Nous savons également que l’entreprise est, la clé dans tout modèle de développement et principal créateur de richesse. Par ailleurs, il nous faut accepter que les partenaires sociaux sont devenus incontournable dans la mise en place d’une démocratie sociale pour asseoir la compétitivité de nos entreprises. Enfin, il y a une unanimité certaine sur la défaillance de notre système d’éducation et de formation est obsolète.

Au-delà des mots, que pouvons nous faire ? À qui la faute ?

L’heure est à la mobilisation et non à la recherche de bouc émissaire. Car nous sommes tous coresponsable de cette situation.

La question alors est pourquoi avons-nous du mal à sortir de ces fléaux ? Les mesures prises des différents gouvernements ont-elles été efficaces ? Les mondes économiques et syndicaux sont-ils suffisamment mobilisés ?

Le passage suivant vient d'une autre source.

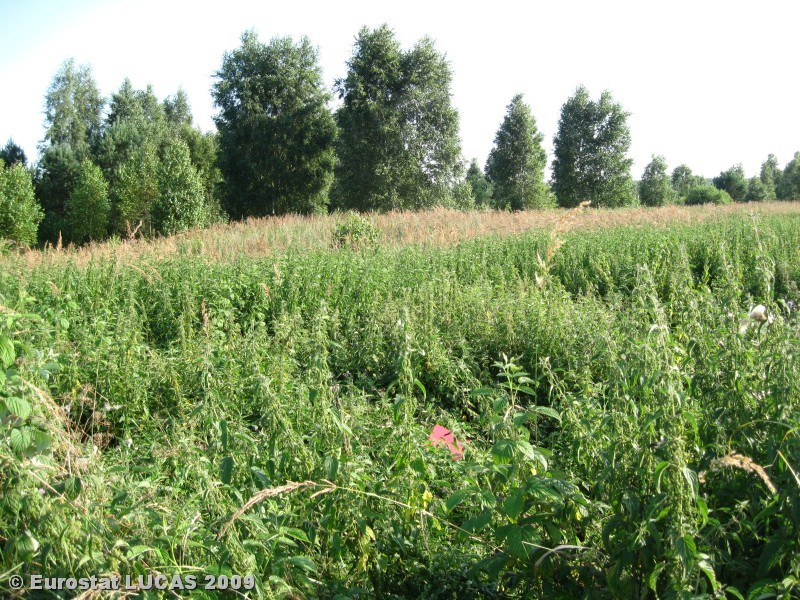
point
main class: Grassland
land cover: Spontaneously vegetated surfaces
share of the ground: > 75 %
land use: Unused
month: August
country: LT
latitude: 54.8326
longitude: 23.4850
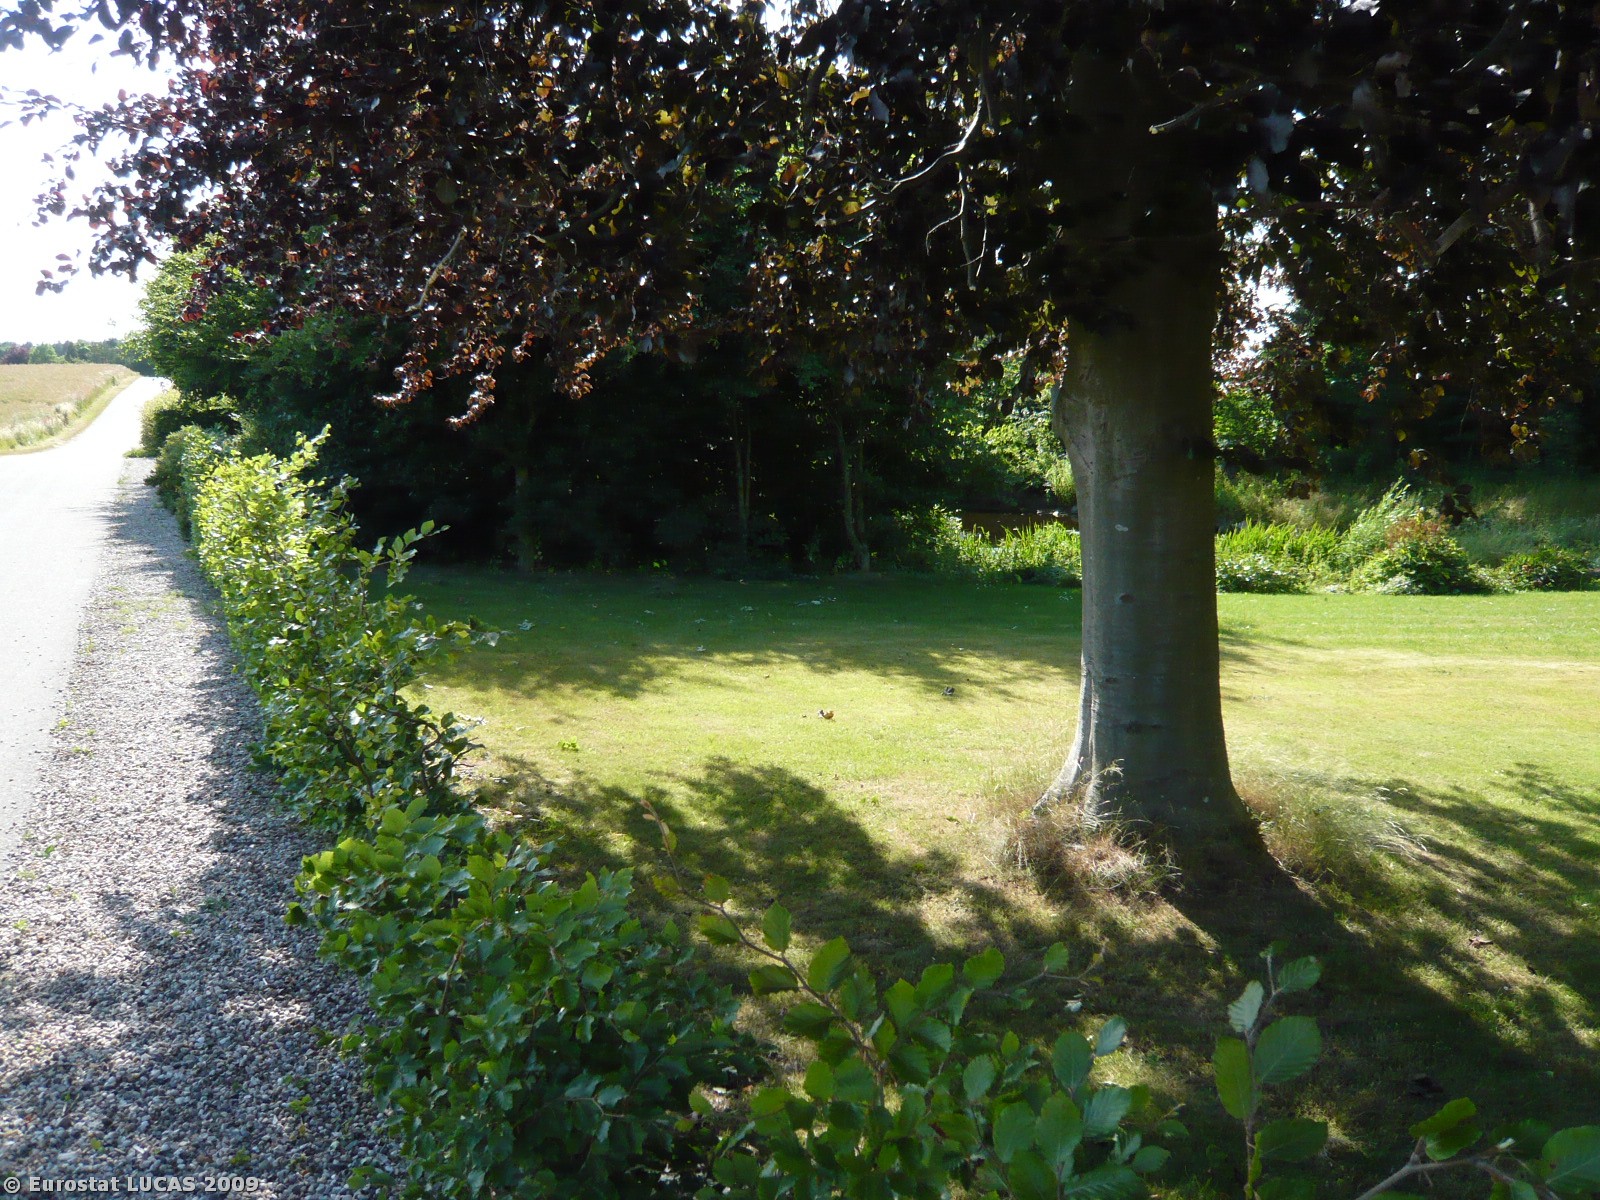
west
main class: Grassland
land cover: Grassland without tree/shrub cover
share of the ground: > 75 %
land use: Residential
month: July
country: DK
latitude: 55.3233
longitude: 10.6456
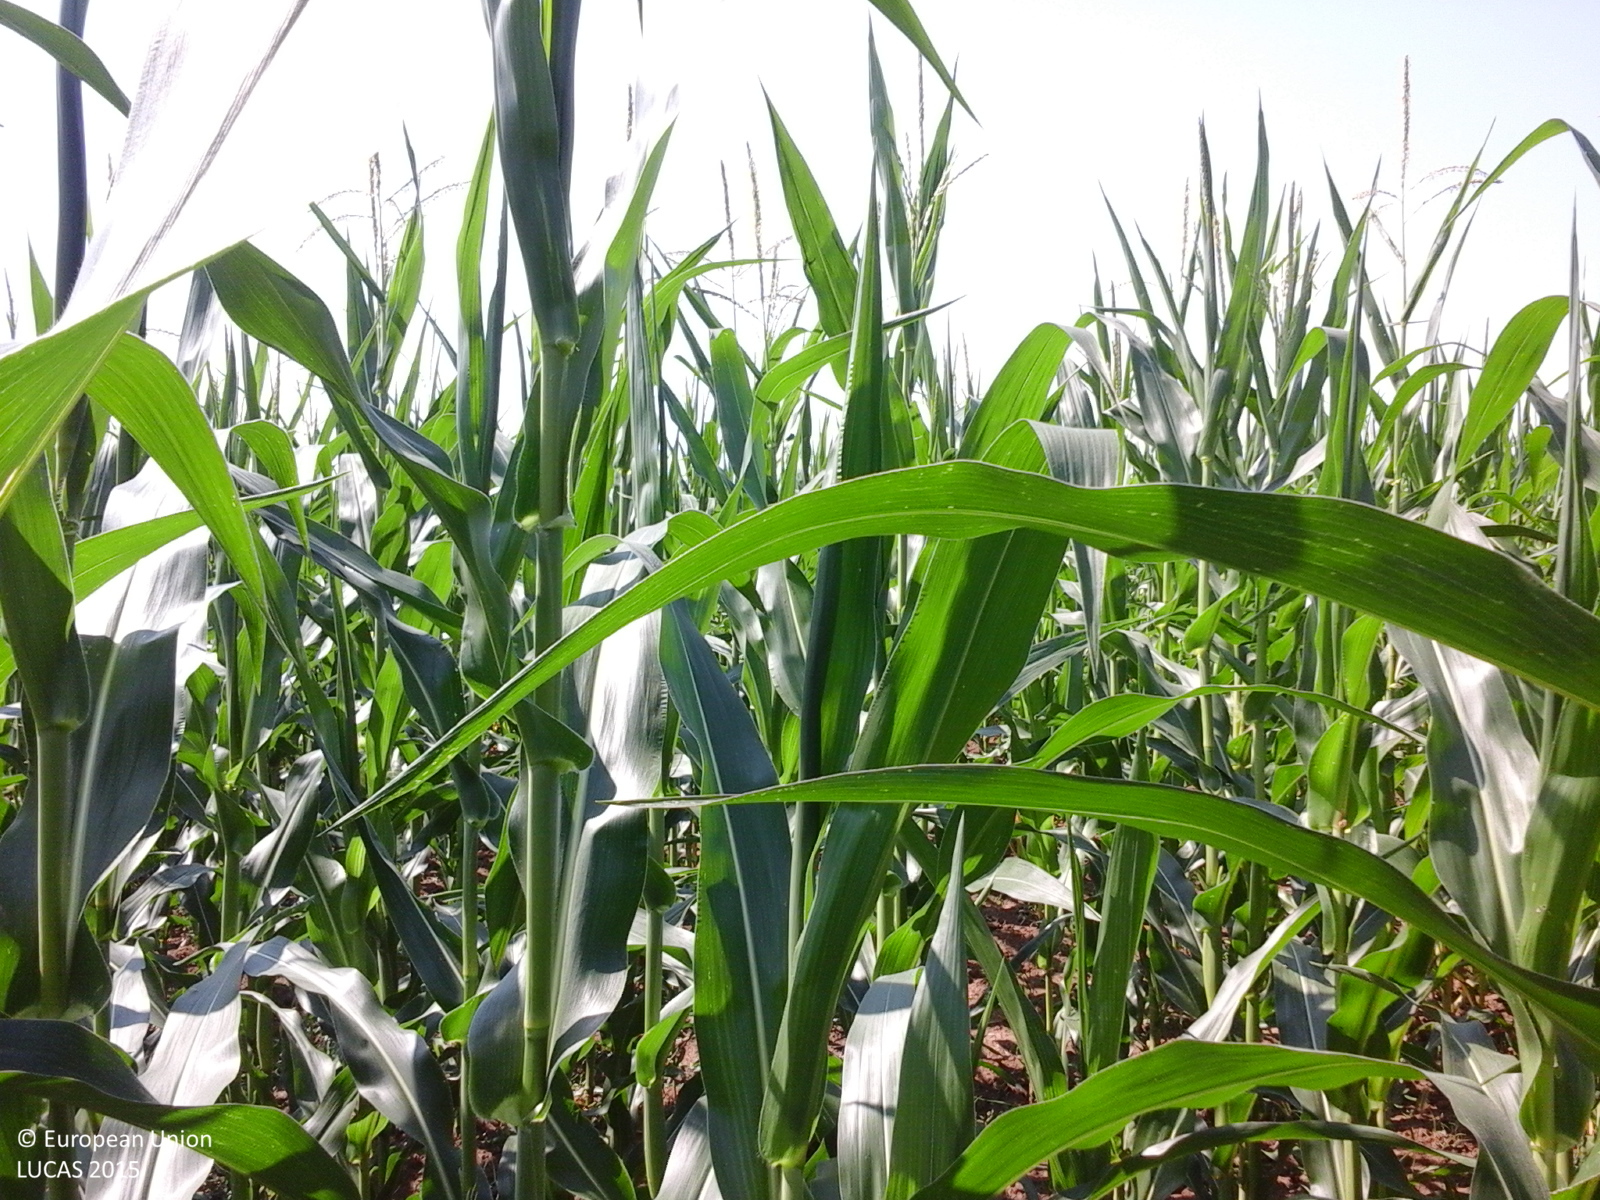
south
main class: Cropland
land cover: Maize
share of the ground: > 75 %
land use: Agriculture (excluding fallow land and kitchen gardens)
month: July
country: RO
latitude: 44.7805
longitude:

Il est temps aujourd’hui de mettre sérieusement ces préoccupations au centre du débat national auprès de l’ensemble des acteurs de notre pays. il s’agit ici, de mettre en face de leurs responsabilité, la société civile, les opérateurs économiques, les politiques et les partenaires sociaux.

Nous ne pouvons plus mettre notre destin entre les mains de la pluie, des seuls investisseurs étrangers ou de bailleurs de fonds internationaux. Il nous faut inventer et construire notre modèle de croissance et de société dans lequel chacun trouve la place qui lui convient et dans laquelle il devra rendre des comptes.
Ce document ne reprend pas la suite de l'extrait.